## Conversational Recipe Bot with RAG (with Weaviate Vector DB(locally set) and LangChain Vector Summary)

All steps in a nutshell:

Read files | Talk to the database | Load PDFs | Split text | Handle memory | Chat with the model | Create a web UI using Gradio

    Set up the environment

#### Install all necessary libraries for RAG bot including Langchain, Weaviate DB, Ollama, and embedding tools.

* Langchain: A framework to build apps using LLMs.

* Weaviate: A database that stores text as numbers (vectors) for quick search.

* Ollama: A local LLM interface (we’re using it to talk to the model).

* Sentence-transformers: Converts text into vectors (embeddings).

* tiktoken: Token counter for OpenAI models (to manage costs and limits)(was mentioned in langchain weaviate doc).

In [7]:
%pip install langchain langchain_community scikit-learn langchain-ollama sentence-transformers tiktoken

Note: you may need to restart the kernel to use updated packages.


Weaviate version has to be 3.26.0 or above getting connection error if not 

In [8]:
!pip show weaviate-client

Name: weaviate-client
Version: 3.26.0
Summary: A python native Weaviate client
Home-page: https://github.com/weaviate/weaviate-python-client
Author: Weaviate
Author-email: hello@weaviate.io,
License: BSD 3-clause
Location: /home/sakhaglobal/.pyenv/versions/3.8.20/lib/python3.8/site-packages
Requires: authlib, requests, validators
Required-by: 


In [9]:
import weaviate
import json
from dotenv import load_dotenv
from langchain.vectorstores import Weaviate
import gradio as gr
from typing import Tuple
from langchain_community.document_loaders import PyPDFLoader
from langchain.text_splitter import RecursiveCharacterTextSplitter
from langchain_ollama import ChatOllama
from langchain.memory import VectorStoreRetrieverMemory
from langchain.chains import ConversationalRetrievalChain

What all we are importing:

*  Importing weaviate for vector store, 

*  PyPDFLoader for document loading, 

*  RecursiveCharacterTextSplitter for text splitting,

*  HuggingFaceEmbeddings for embeddings, ChatOllama for conversational AI,

*  PromptTemplate for templating, 

*  ConversationBufferMemory or ConversationVectorMemory for storing conversation history,and ConversationalRetrievalChain for conversational question answering.
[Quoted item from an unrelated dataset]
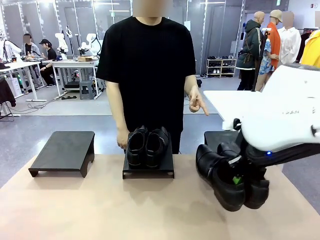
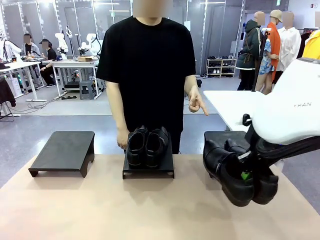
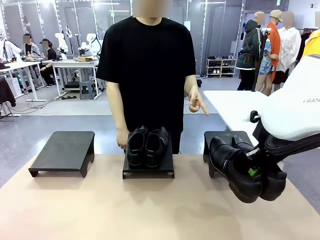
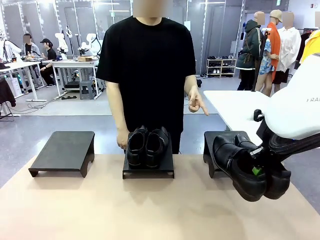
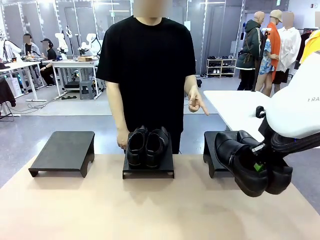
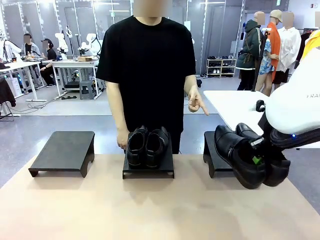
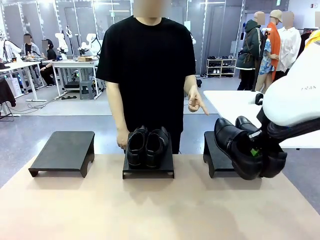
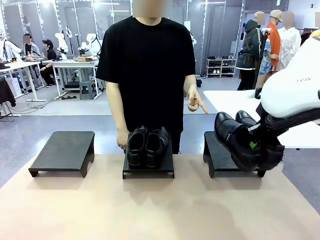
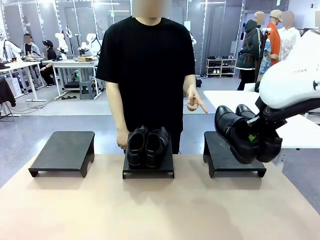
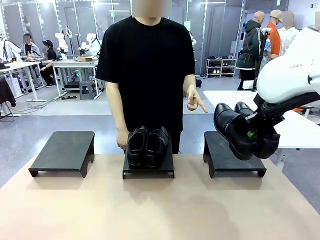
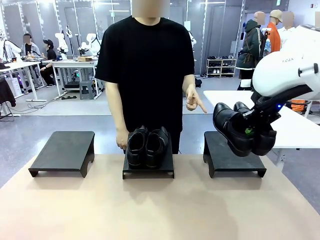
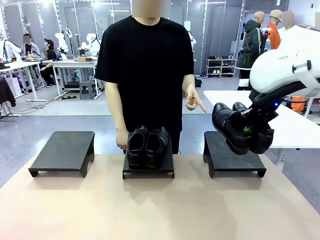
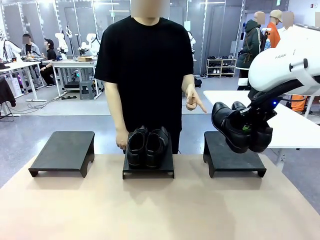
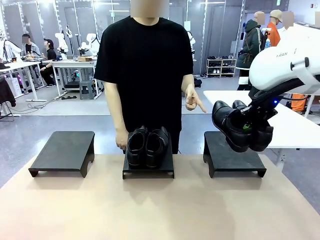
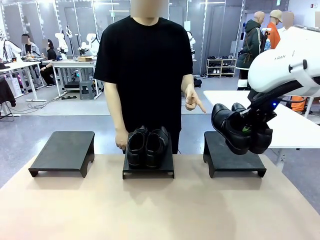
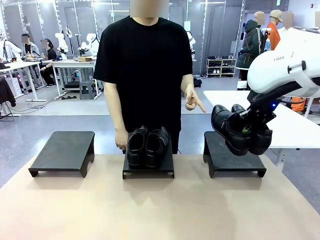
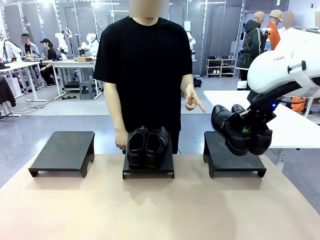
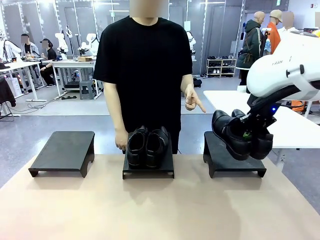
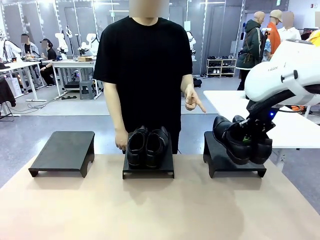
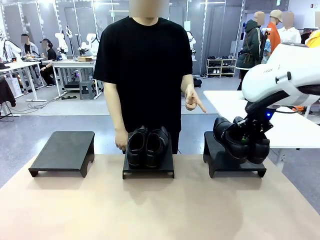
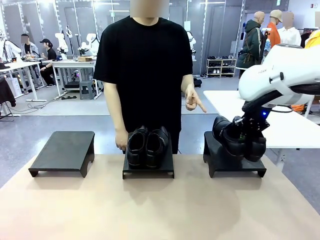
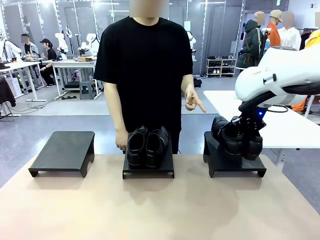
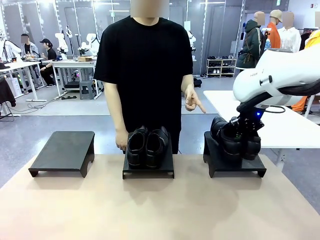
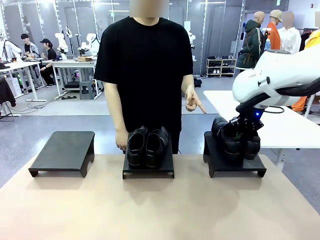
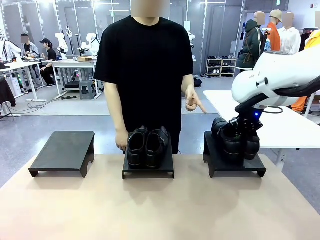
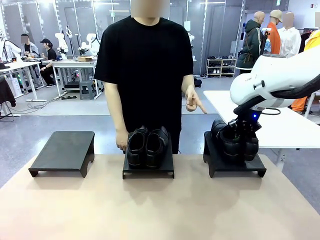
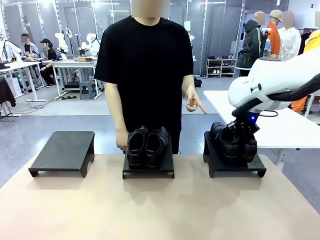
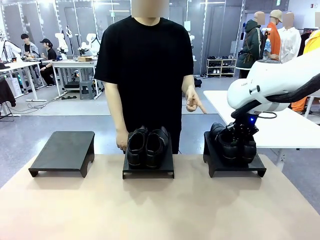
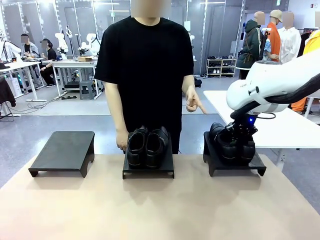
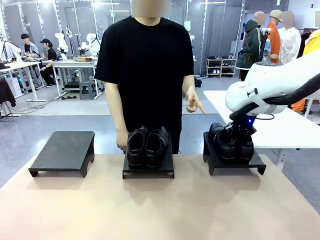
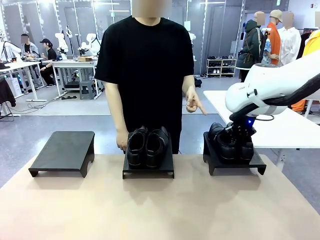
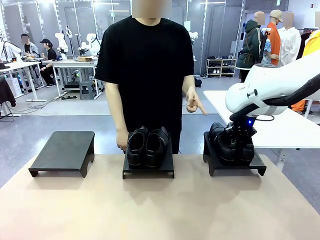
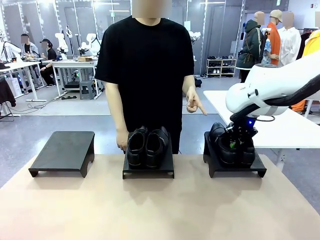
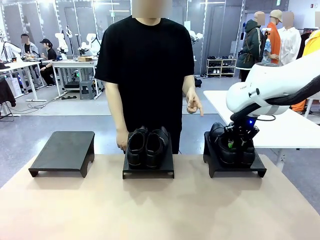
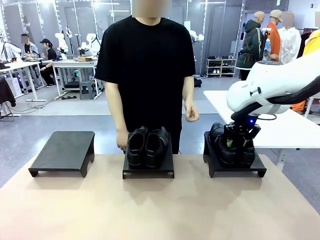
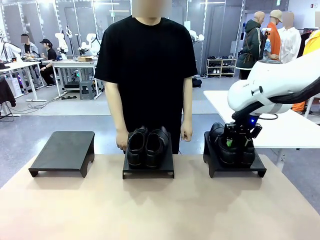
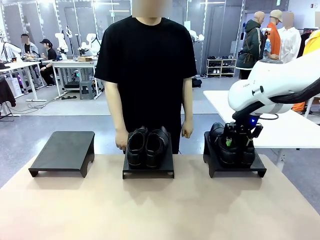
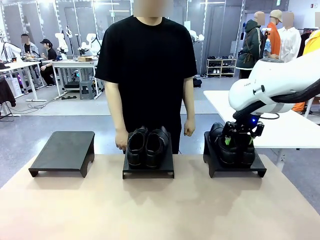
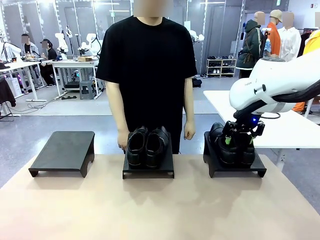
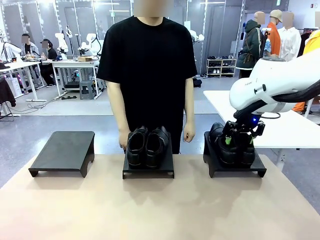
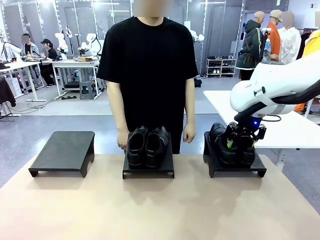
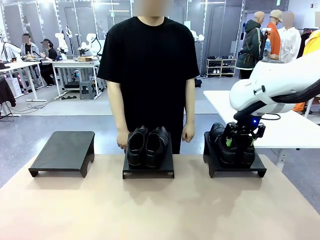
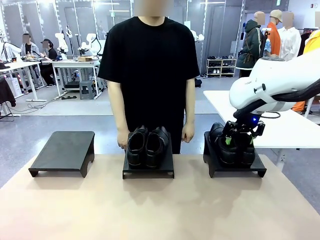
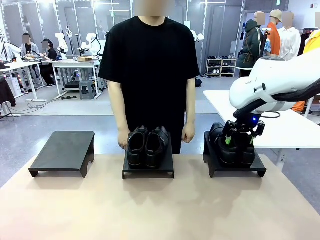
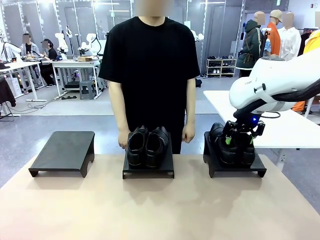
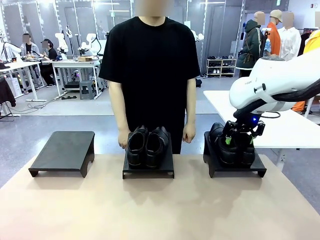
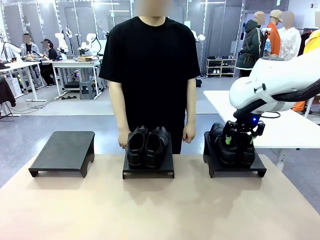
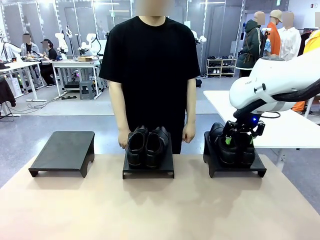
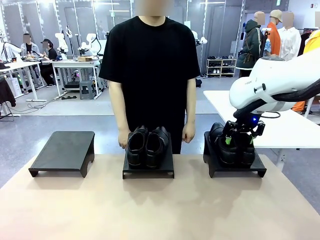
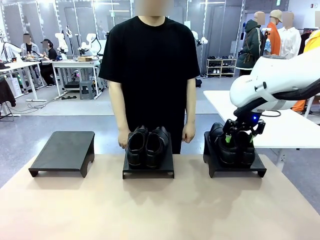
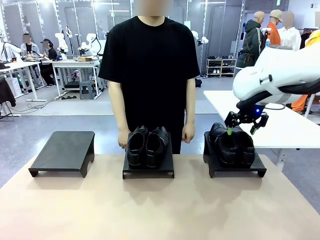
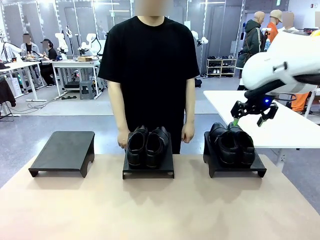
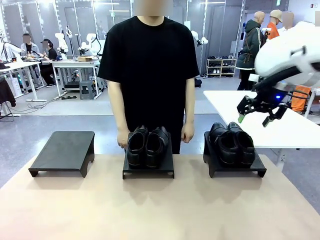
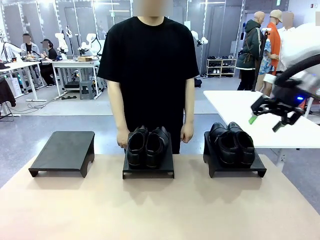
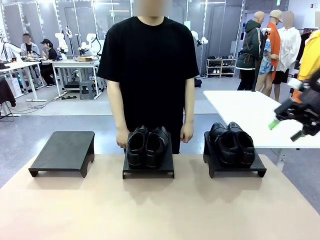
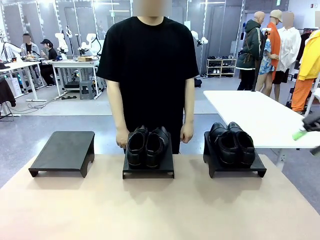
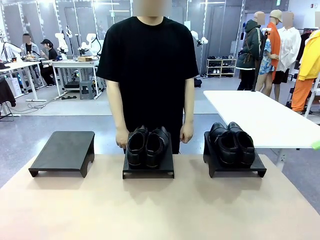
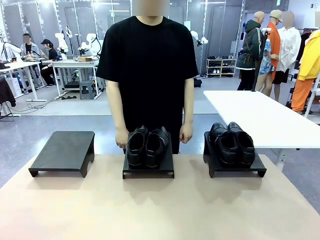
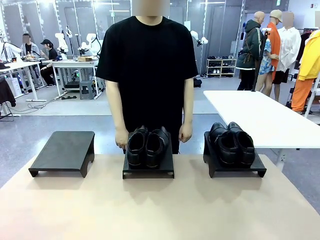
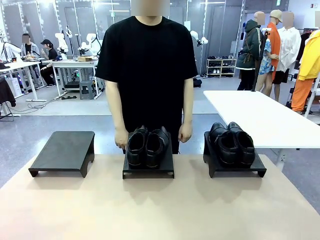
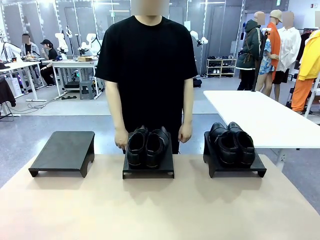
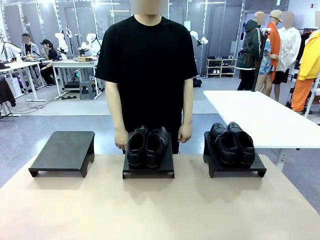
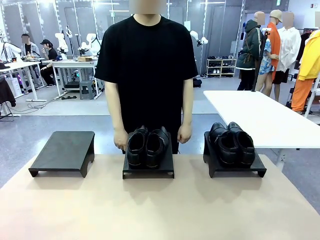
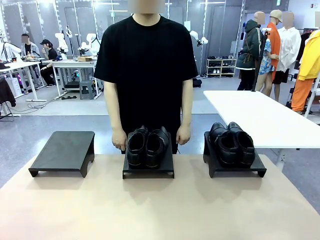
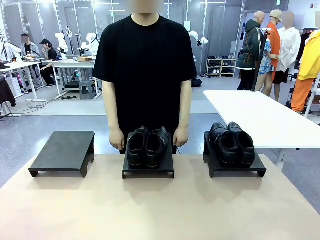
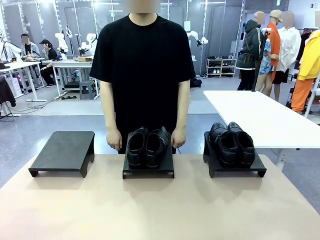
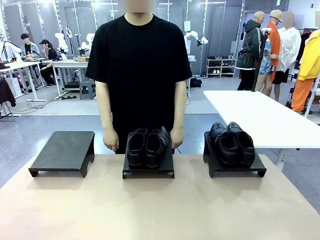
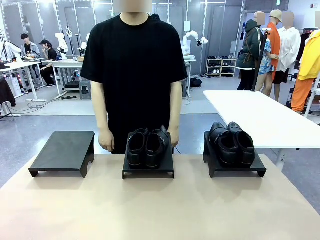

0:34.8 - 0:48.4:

    Load and prepare documents
Documents can be anything, we can load a PDF or use webpages as the source also

In [10]:
# List of PDF file paths to load documents from (the below mentioned book is 102 pages)
pdf_paths = [
    "/home/sakhaglobal/Documents/Personal_GitHub/ai-ml-practice/rag-using-llm/recipe-sample.pdf"
]

     Split documents

In [11]:
docs = [PyPDFLoader(pdf_path).load() for pdf_path in pdf_paths]
docs_list = [item for sublist in docs for item in sublist]

# chunk size set to 1000 for better context understanding, overlap set to 200 to avoid missing context
text_splitter = RecursiveCharacterTextSplitter.from_tiktoken_encoder(
    chunk_size=1000,
    chunk_overlap=200,
    separators=["\n\n", "\n", "(?<=\. )", " ", ""],
    add_start_index=True  # Helps track document position
)
doc_splits = text_splitter.split_documents(docs_list)

  separators=["\n\n", "\n", "(?<=\. )", " ", ""],


In [14]:
load_dotenv(dotenv_path="/home/sakhaglobal/Documents/Personal_GitHub/chefly/.env")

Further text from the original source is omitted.